Archaeologists in Israel have unearthed a 2,500-year-old inscription that references King Darius I, a figure from the Old Testament. This discovery is the first of its kind and sheds new light on the history of the region.
The discovery was made by a team from the Hebrew University of Jerusalem, who were excavating at the ancient city of Ein Gedi, located on the western shore of the Dead Sea. The inscription was found on a piece of pottery and is written in Aramaic.
According to the researchers, the inscription reads, “I am Darius, the great king” and mentions the rebuilding of a temple that had been destroyed. This is significant because it matches details from the book of Ezra in the Old Testament, which describes how King Darius issued a decree allowing the Jewish people to rebuild the temple in Jerusalem.
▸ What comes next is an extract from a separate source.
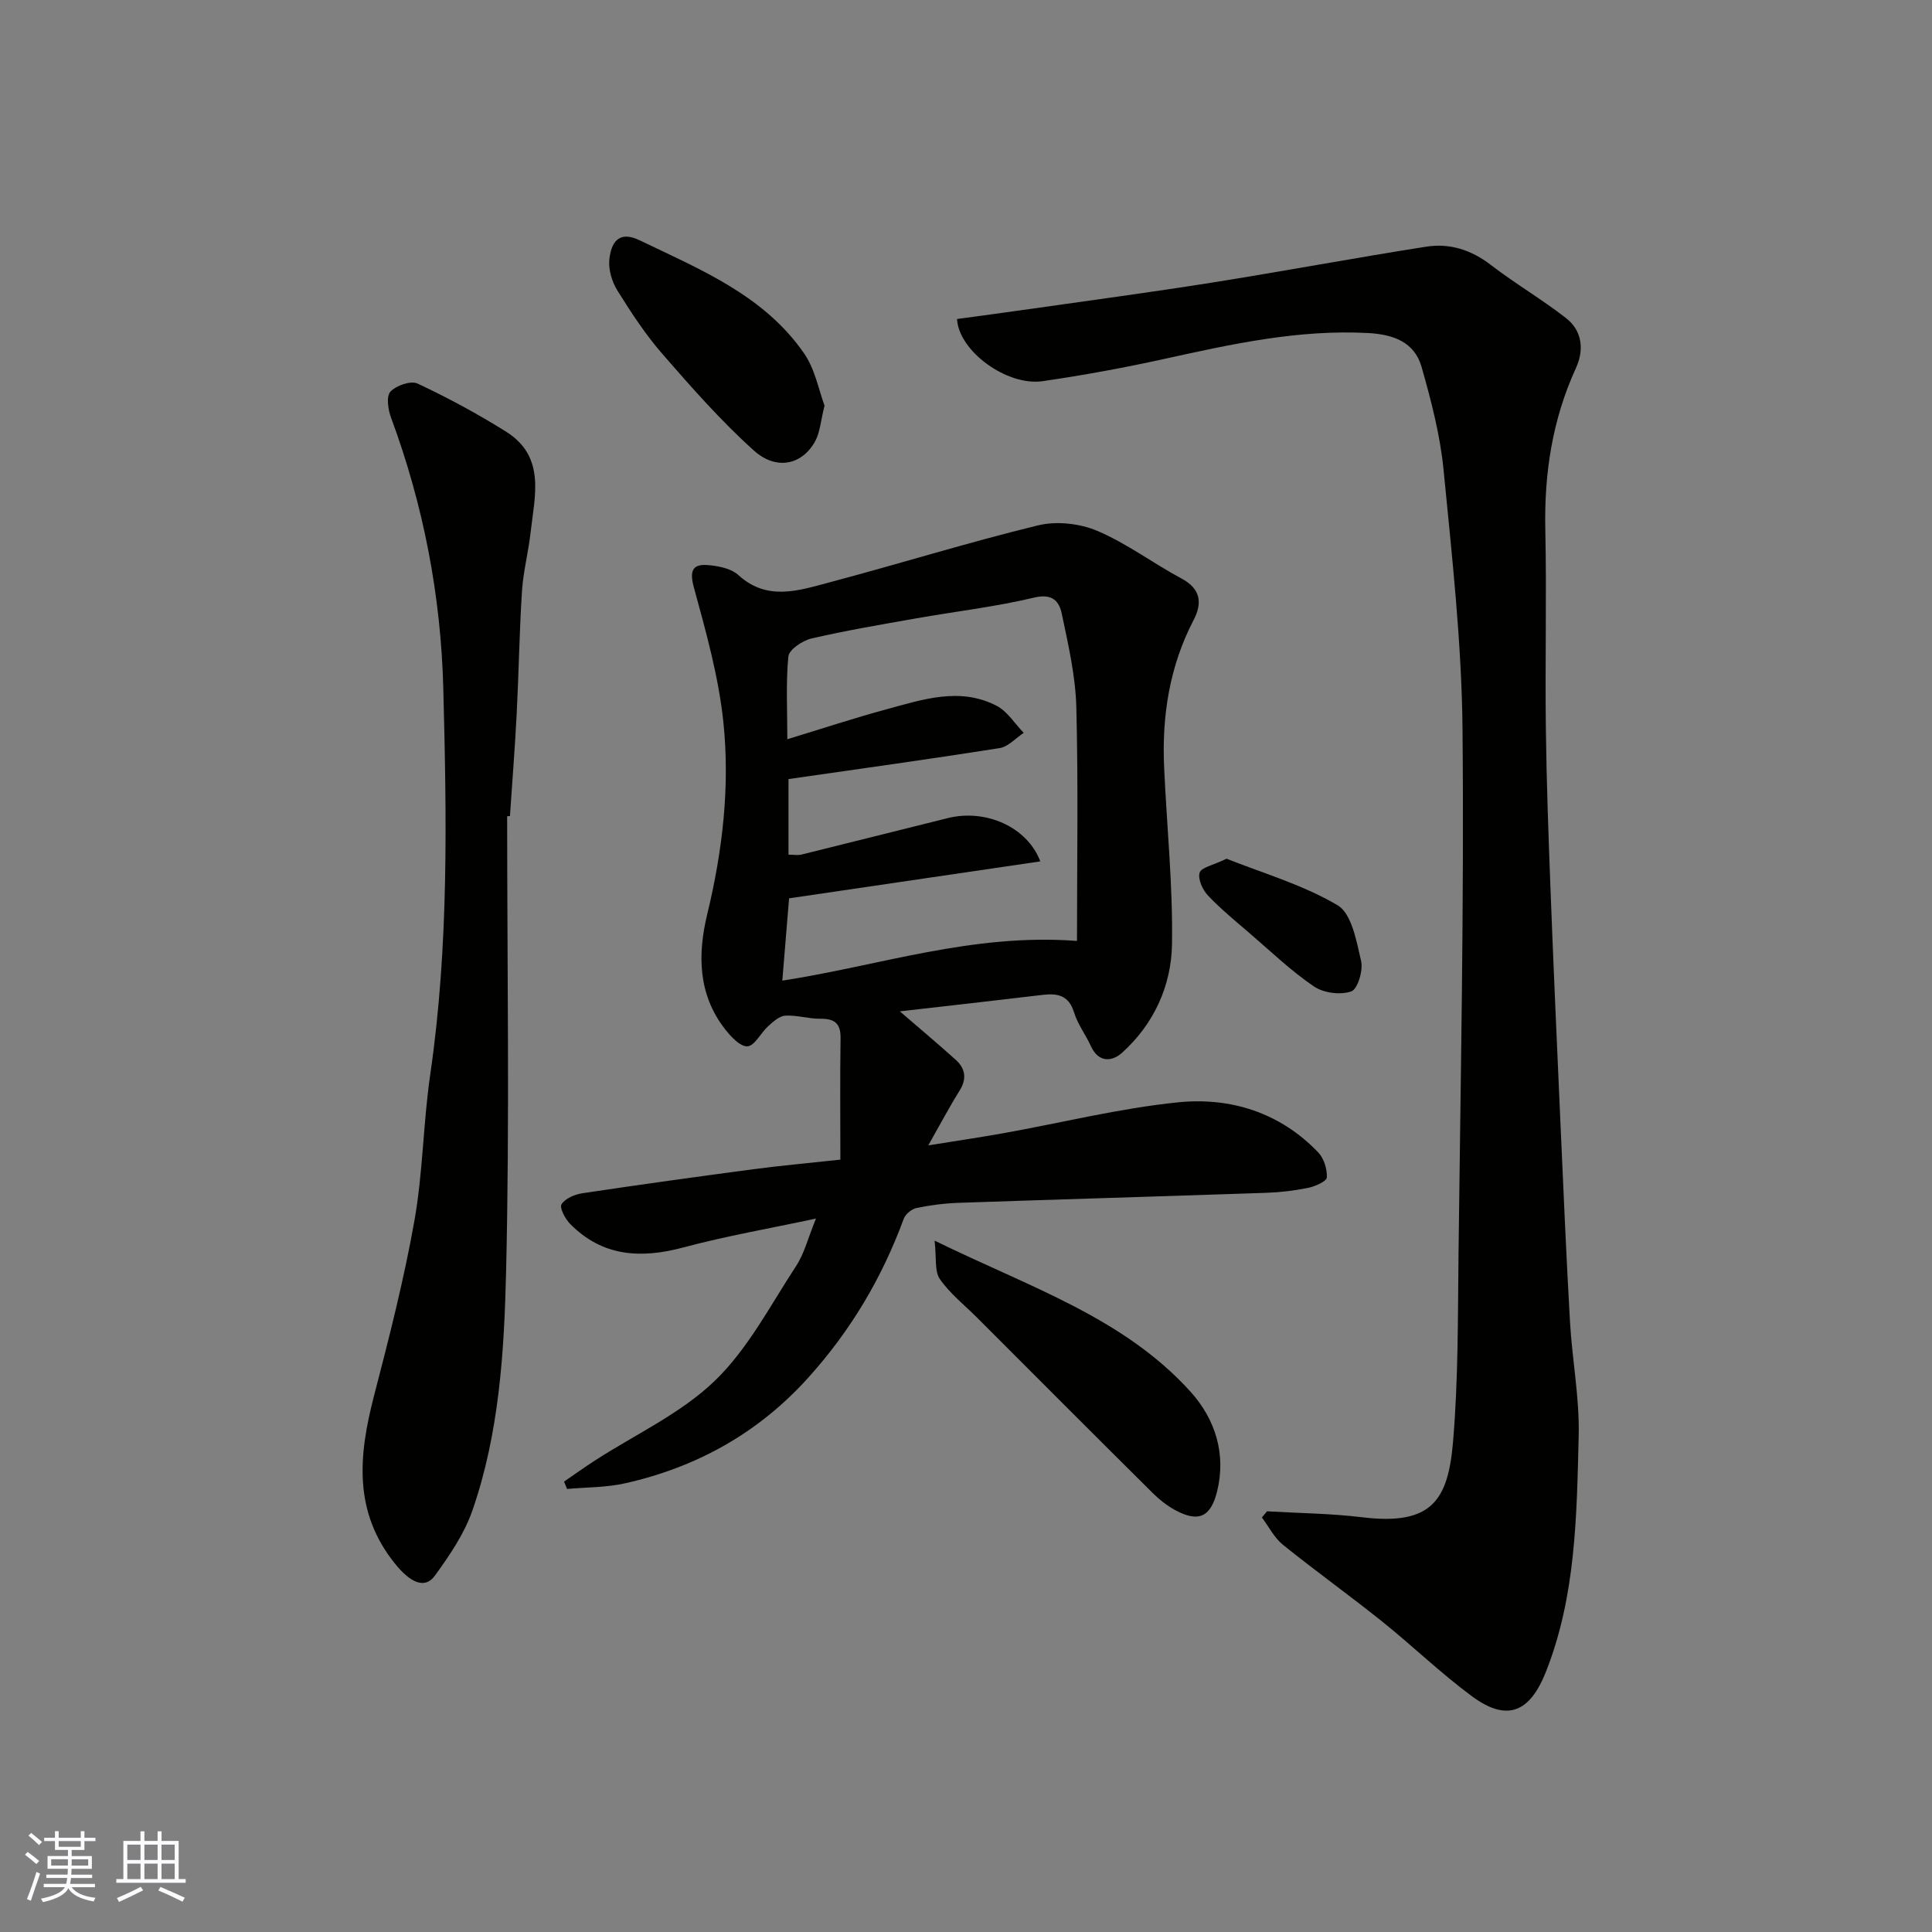 <svg enable-background="new 0 0 400 400" viewBox="0 0 400 400" xmlns="http://www.w3.org/2000/svg"><rect x="0" y="0" width="400" height="400" fill="#808080" stroke="none"/><g fill="#010100"><path d="m186.3 209.39c4.12 3.55 7.88 6.71 11.53 9.99 2.06 1.85 2.39 3.97.81 6.48-2.07 3.3-3.88 6.75-6.45 11.28 5.9-.95 10.74-1.66 15.55-2.52 12.04-2.16 23.99-5.15 36.12-6.39 10.9-1.11 21.16 2.1 29.07 10.37 1.18 1.24 1.86 3.46 1.78 5.17-.04.8-2.39 1.85-3.82 2.15-2.87.59-5.82.94-8.75 1.04-21.2.73-42.4 1.34-63.6 2.07-2.94.1-5.9.48-8.78 1.07-1.02.21-2.31 1.28-2.66 2.26-4.51 12.26-11.03 23.22-19.83 32.95-10.31 11.41-23.02 18.45-37.84 21.79-3.9.88-8.02.81-12.03 1.17-.21-.51-.42-1.01-.62-1.52 2.13-1.46 4.23-2.97 6.4-4.37 8.34-5.4 17.73-9.69 24.76-16.45 6.91-6.64 11.56-15.69 16.92-23.87 1.66-2.54 2.41-5.68 4.08-9.77-9.63 2.06-18.65 3.62-27.45 5.98-8.82 2.36-16.75 1.91-23.44-4.86-1.03-1.04-2.25-3.35-1.79-4.08.76-1.21 2.74-2.04 4.31-2.28 11.8-1.77 23.63-3.41 35.46-4.98 5.5-.73 11.03-1.23 17.96-1.98 0-8.66-.09-16.89.04-25.11.05-3.09-1.22-4.09-4.17-4.06-2.42.03-4.87-.78-7.27-.64-1.24.07-2.53 1.26-3.57 2.2-1.52 1.37-2.76 4.05-4.26 4.15s-3.48-2.04-4.7-3.62c-5.58-7.19-5.63-15.49-3.63-23.75 3.17-13.1 4.72-26.4 3.34-39.71-.98-9.48-3.63-18.84-6.15-28.08-1.19-4.37.73-4.78 3.82-4.39 1.88.24 4.1.76 5.43 1.98 5.98 5.46 12.5 3.2 18.84 1.52 14.43-3.83 28.71-8.28 43.21-11.81 3.82-.93 8.63-.4 12.26 1.14 6.1 2.59 11.54 6.71 17.43 9.86 4.05 2.16 4.32 5.14 2.51 8.61-5 9.6-6.58 19.86-6.1 30.51.55 12.19 1.82 24.39 1.63 36.57-.13 8.62-3.74 16.57-10.36 22.52-2.06 1.85-4.85 2.06-6.42-1.37-1.09-2.38-2.75-4.56-3.51-7.03-1.08-3.49-3.37-3.96-6.4-3.61-9.74 1.16-19.48 2.26-29.66 3.42zm-23.29-56.34c7.18-2.19 13.79-4.37 20.5-6.19 7.52-2.04 15.21-4.67 22.82-.74 2.24 1.16 3.77 3.7 5.62 5.61-1.66 1.09-3.21 2.88-5 3.16-14.5 2.29-29.05 4.3-43.7 6.41v15.65c1.09 0 1.95.17 2.73-.03 10.1-2.49 20.19-5.05 30.29-7.55 7.67-1.9 16.32 1.69 19.12 8.97-17.55 2.58-34.83 5.12-52.02 7.65-.48 5.88-.92 11.23-1.4 17.04 20.17-3.1 39.32-9.86 61.01-8.22 0-16.29.28-32.36-.14-48.42-.17-6.47-1.67-12.94-3.01-19.32-.52-2.51-1.88-4.25-5.65-3.36-8.08 1.93-16.38 2.88-24.58 4.33-7.23 1.28-14.47 2.5-21.62 4.16-1.85.43-4.62 2.3-4.76 3.72-.53 5.56-.21 11.21-.21 17.13z"/><path d="m198.14 66.05c4.94-.68 9.93-1.34 14.91-2.05 12.62-1.8 25.27-3.49 37.86-5.49 14.82-2.35 29.57-5.12 44.39-7.44 4.85-.76 9.31.66 13.36 3.78 5.03 3.87 10.55 7.1 15.56 11 3.38 2.63 3.78 6.6 2.07 10.33-4.89 10.67-6.6 21.82-6.35 33.49.29 13.66-.06 27.33.11 40.99.14 11.27.55 22.54.98 33.8.59 15.54 1.29 31.07 1.98 46.6.64 14.2 1.23 28.41 2.04 42.6.45 7.88 1.99 15.76 1.8 23.6-.41 16.51-.56 33.16-6.8 48.91-3.37 8.49-8.12 10.33-15.32 5.01-6.46-4.78-12.27-10.41-18.54-15.44-6.76-5.42-13.81-10.46-20.56-15.9-1.8-1.45-2.93-3.75-4.37-5.66.35-.43.71-.85 1.06-1.28 6.57.39 13.18.44 19.69 1.23 14.46 1.77 17.79-3.56 18.82-15.55 1.1-12.87.99-25.85 1.14-38.78.42-36.26 1.17-72.53.83-108.78-.17-17.91-2.18-35.83-3.92-53.69-.7-7.22-2.57-14.39-4.57-21.4-1.48-5.16-5.93-6.71-11.09-6.98-14.3-.76-28.07 2.25-41.88 5.3-8.43 1.86-16.94 3.43-25.49 4.67-7.35 1.06-17.35-6.2-17.71-12.87z"/><path d="m105 168.99c0 31.43.53 62.87-.22 94.28-.39 16.63-1.43 33.48-6.97 49.45-1.67 4.83-4.73 9.31-7.77 13.5-2.14 2.96-5.21 1.28-8.18-2.38-8.8-10.84-7.61-22.59-4.41-34.9 3.11-11.97 6.18-23.99 8.34-36.15 1.78-9.99 1.82-20.28 3.29-30.35 3.87-26.55 3.39-53.26 2.7-79.9-.49-19.12-4.1-37.97-10.82-56.07-.62-1.66-1.02-4.42-.13-5.38 1.19-1.28 4.22-2.33 5.62-1.68 6.28 2.95 12.44 6.27 18.32 9.96 8.27 5.18 5.93 13.34 5.08 20.9-.45 4.05-1.52 8.05-1.78 12.11-.54 8.42-.66 16.87-1.09 25.3-.36 7.1-.93 14.18-1.4 21.28-.2.01-.39.02-.58.03z"/><path d="m193.5 256.86c19.6 9.62 39.04 15.86 52.97 31.26 5.16 5.71 7.43 12.95 5.51 20.69-1.34 5.42-3.97 6.38-8.66 3.85-1.7-.92-3.28-2.18-4.66-3.54-12.15-12.06-24.24-24.18-36.34-36.29-2.63-2.63-5.65-5.01-7.74-8.02-1.12-1.63-.67-4.35-1.08-7.95z"/><path d="m170.71 83.98c-.81 3.24-.93 5.48-1.89 7.28-2.65 4.95-8.03 6.25-12.75 2.01-6.8-6.12-12.9-13.06-18.92-19.98-3.52-4.04-6.49-8.59-9.33-13.15-1.13-1.82-1.88-4.35-1.66-6.43.36-3.37 1.84-6.1 6.27-3.96 12.58 6.06 25.73 11.38 34.05 23.42 2.29 3.3 3.05 7.66 4.23 10.81z"/><path d="m253.95 177.79c7.42 2.96 15.75 5.36 22.98 9.63 2.93 1.73 3.91 7.43 4.87 11.53.46 1.95-.71 5.84-2.03 6.31-2.24.78-5.72.34-7.72-1.02-4.71-3.19-8.88-7.2-13.22-10.93-2.98-2.57-6.05-5.07-8.75-7.92-1.1-1.17-2.11-3.4-1.71-4.71.32-1.09 2.78-1.53 5.58-2.89z"/></g><path d="m5.17 384 .55-.58c.85.61 1.65 1.24 2.4 1.87l-.59.64c-.83-.73-1.62-1.37-2.36-1.93m1.22 9.53-.82-.34c.71-1.76 1.37-3.64 1.98-5.63.24.13.5.25.76.36-.6 1.67-1.24 3.54-1.92 5.61m-.5-13.5.57-.54c.56.44 1.31 1.06 2.26 1.87l-.64.64c-.68-.66-1.41-1.32-2.19-1.97m3.25.46h2.24v-1.36h.77v1.36h4.57v-1.36h.76v1.36h2.28v.69h-2.28v1.84h-2.64v1.26h4.18v2.64h-4.21c0 .45-.02.86-.05 1.21h4.32v.69h-4.38c-.04.34-.1.75-.19 1.22h5.15v.69h-4.82c.87 1.19 2.51 1.92 4.93 2.19-.17.31-.3.57-.37.76-2.77-.49-4.52-1.41-5.26-2.76-.56 1.26-2.3 2.23-5.24 2.9-.12-.24-.26-.48-.43-.72 2.73-.55 4.38-1.34 4.96-2.38h-4.38v-.69h4.65c.1-.38.17-.79.21-1.22h-4.32v-.69h4.4c.03-.34.05-.75.05-1.21h-4.2v-2.64h4.23v-1.26h-2.69v-1.84h-2.24zm1.46 4.46v1.29h3.45c.01-.4.02-.57.01-.53v-.32-.45h-3.46zm1.55-2.59h4.57v-1.19h-4.57zm6.11 2.59h-3.42v.77c-.01.19-.01.37-.02.53h3.44z" fill="#fbfafc"/><path d="m32.63 379.16h.82v1.98h3.54v7.89h1.45v.78h-14.36v-.78h1.46v-7.89h3.54v-1.98h.82v1.98h2.73zm-3.49 11.48.5.73c-1.61.82-3.28 1.63-5 2.41-.13-.27-.28-.55-.44-.82 1.75-.72 3.4-1.49 4.94-2.32m-2.78-5.55h2.73v-3.18h-2.73zm0 3.95h2.73v-3.2h-2.73zm3.54-3.95h2.73v-3.18h-2.73zm0 3.95h2.73v-3.2h-2.73zm7.89 4.68c-1.84-.92-3.51-1.7-5.02-2.32l.45-.73c1.89.8 3.57 1.55 5.04 2.23zm-1.62-11.81h-2.73v3.18h2.73zm-2.73 7.13h2.73v-3.2h-2.73z" fill="#fbfafc"/></svg>
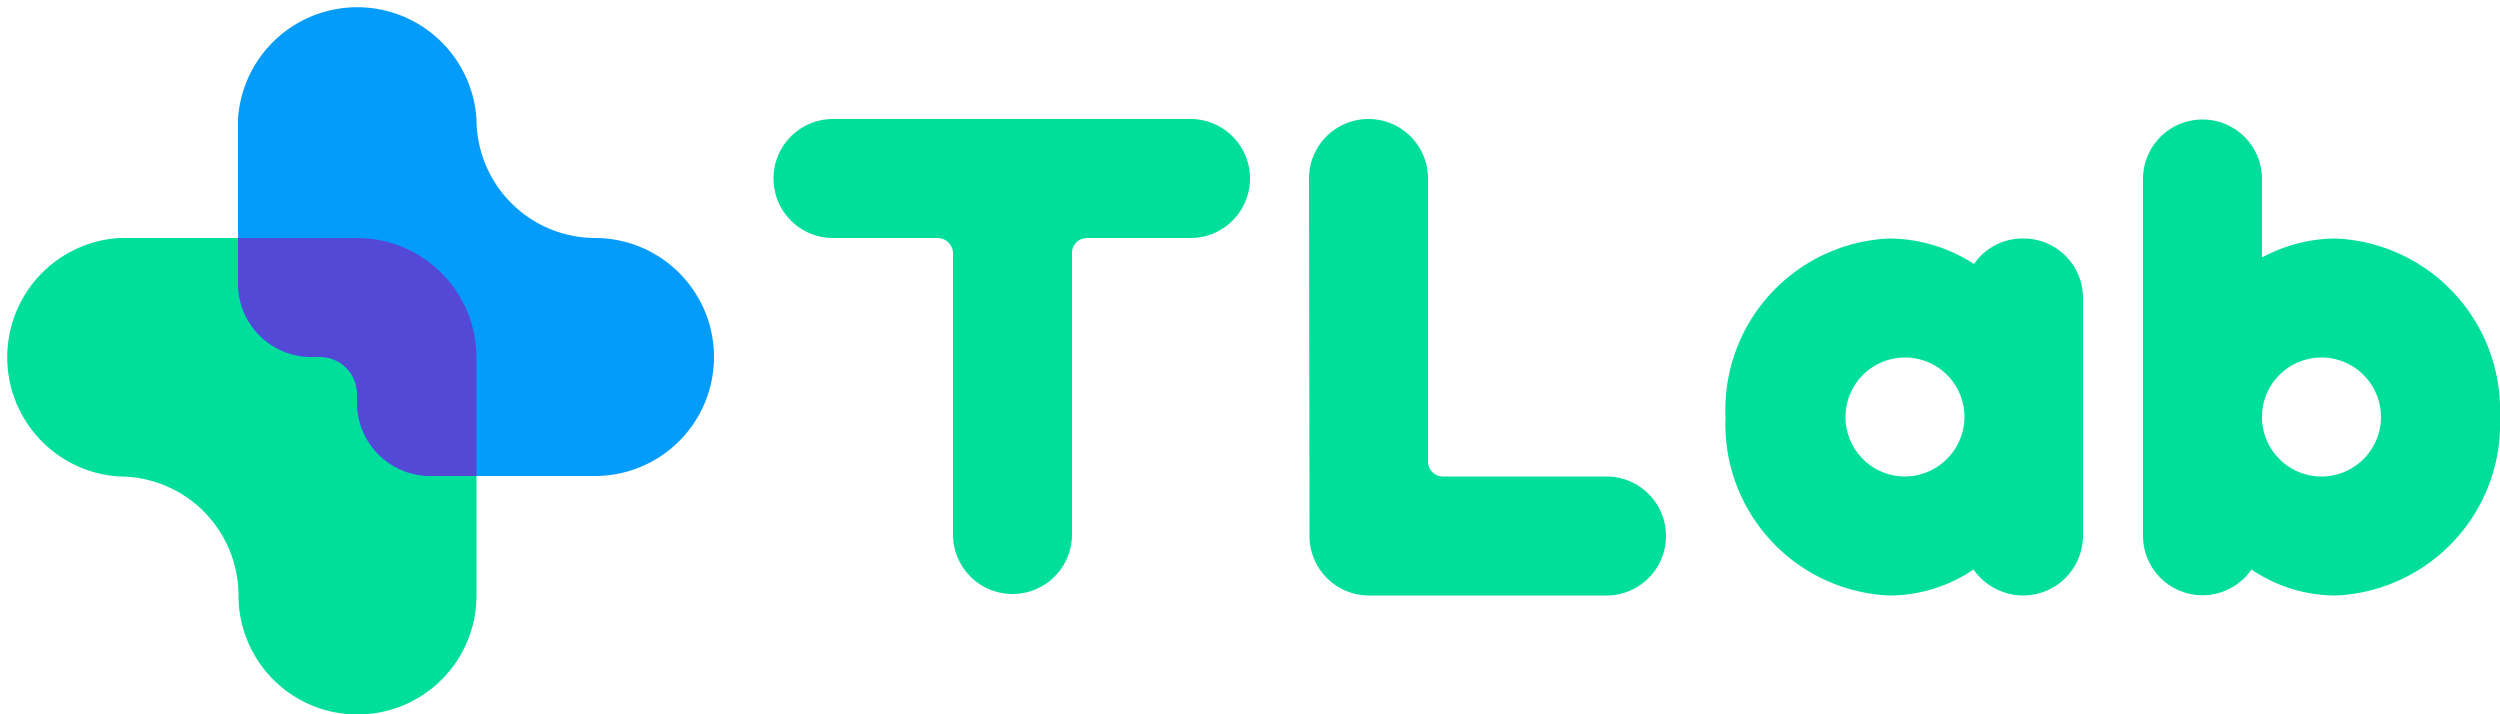 <svg id="Layer_1" data-name="Layer 1" xmlns="http://www.w3.org/2000/svg" viewBox="0 0 50 14.29"><defs><style>.cls-1{fill:#00de9c;}.cls-2{fill:#049cfb;}.cls-3{fill:#5449d6;}</style></defs><title>fullcolor</title><path class="cls-1" d="M2.38,9.53a2.39,2.39,0,0,1,0-4.77H7.15A2.39,2.39,0,0,1,9.53,7.14v4.77a2.38,2.38,0,0,1-4.76,0h0A2.38,2.38,0,0,0,2.39,9.53Z"/><path class="cls-2" d="M11.9,9.52a2.38,2.38,0,0,0,0-4.76h0A2.38,2.38,0,0,1,9.53,2.38h0a2.39,2.39,0,0,0-4.77,0V5.67A1.47,1.47,0,0,0,6.24,7.14h.17a.74.74,0,0,1,.73.74v.17A1.47,1.47,0,0,0,8.61,9.52Z"/><path class="cls-3" d="M9.53,7.14A2.39,2.39,0,0,0,7.15,4.76H4.76v.91A1.47,1.47,0,0,0,6.24,7.14h.17a.74.74,0,0,1,.73.74v.17A1.47,1.47,0,0,0,8.61,9.52h.92Z"/><path class="cls-1" d="M16.66,4.76a1.19,1.19,0,1,1,0-2.38h7.15a1.19,1.19,0,1,1,0,2.38H21.74a.3.3,0,0,0-.3.3v5.63a1.19,1.19,0,1,1-2.38,0V5.06a.31.31,0,0,0-.3-.3Z"/><path class="cls-1" d="M26.19,10.72a1.19,1.19,0,0,0,1.19,1.19h4.75a1.19,1.19,0,0,0,0-2.38H28.86a.3.3,0,0,1-.3-.3V3.57a1.19,1.19,0,0,0-2.38,0Z"/><path class="cls-1" d="M40.48,4.77a1.18,1.18,0,0,0-1,.51,3.14,3.14,0,0,0-1.7-.51,3.43,3.43,0,0,0-3.27,3.57,3.43,3.43,0,0,0,3.27,3.57,3,3,0,0,0,1.69-.52,1.22,1.22,0,0,0,1,.52,1.2,1.2,0,0,0,1.19-1.19V6A1.19,1.19,0,0,0,40.48,4.77ZM38.1,9.53a1.19,1.19,0,1,1,1.19-1.2h0A1.2,1.2,0,0,1,38.1,9.53Z"/><path class="cls-1" d="M46.72,4.77a3.13,3.13,0,0,0-1.48.38V3.58a1.19,1.19,0,1,0-2.38,0v7.14a1.19,1.19,0,0,0,2.17.67,3,3,0,0,0,1.69.52A3.44,3.44,0,0,0,50,8.34,3.44,3.44,0,0,0,46.72,4.77Zm-.29,4.76a1.19,1.19,0,0,1-1.19-1.16V8.3a1.19,1.19,0,1,1,1.19,1.23Z"/></svg>

“This is the first time that such a reference to the Persian king has been discovered in the region,” said Dr. Yosef Garfinkel, one of the leaders of the excavation. “This discovery is historically significant because it confirms that Ein Gedi was a key site in the region during the Persian period.”
The Persian period in Israel’s history began in the 6th century BC, when the Persian Empire conquered the Babylonian Empire and took control of the region. King Darius I ruled from 522 to 486 BC and is known for his building projects and military campaigns.
The discovery of the inscription at Ein Gedi is just the latest in a series of important archaeological finds in Israel in recent years. These discoveries have helped researchers better understand the history of the region and its significance in ancient times.
The excavation at Ein Gedi is ongoing, and researchers hope to uncover more artifacts that will shed light on the history of the area. The discovery of the inscription referencing King Darius I is a major breakthrough and highlights the importance of continued archaeological research in Israel.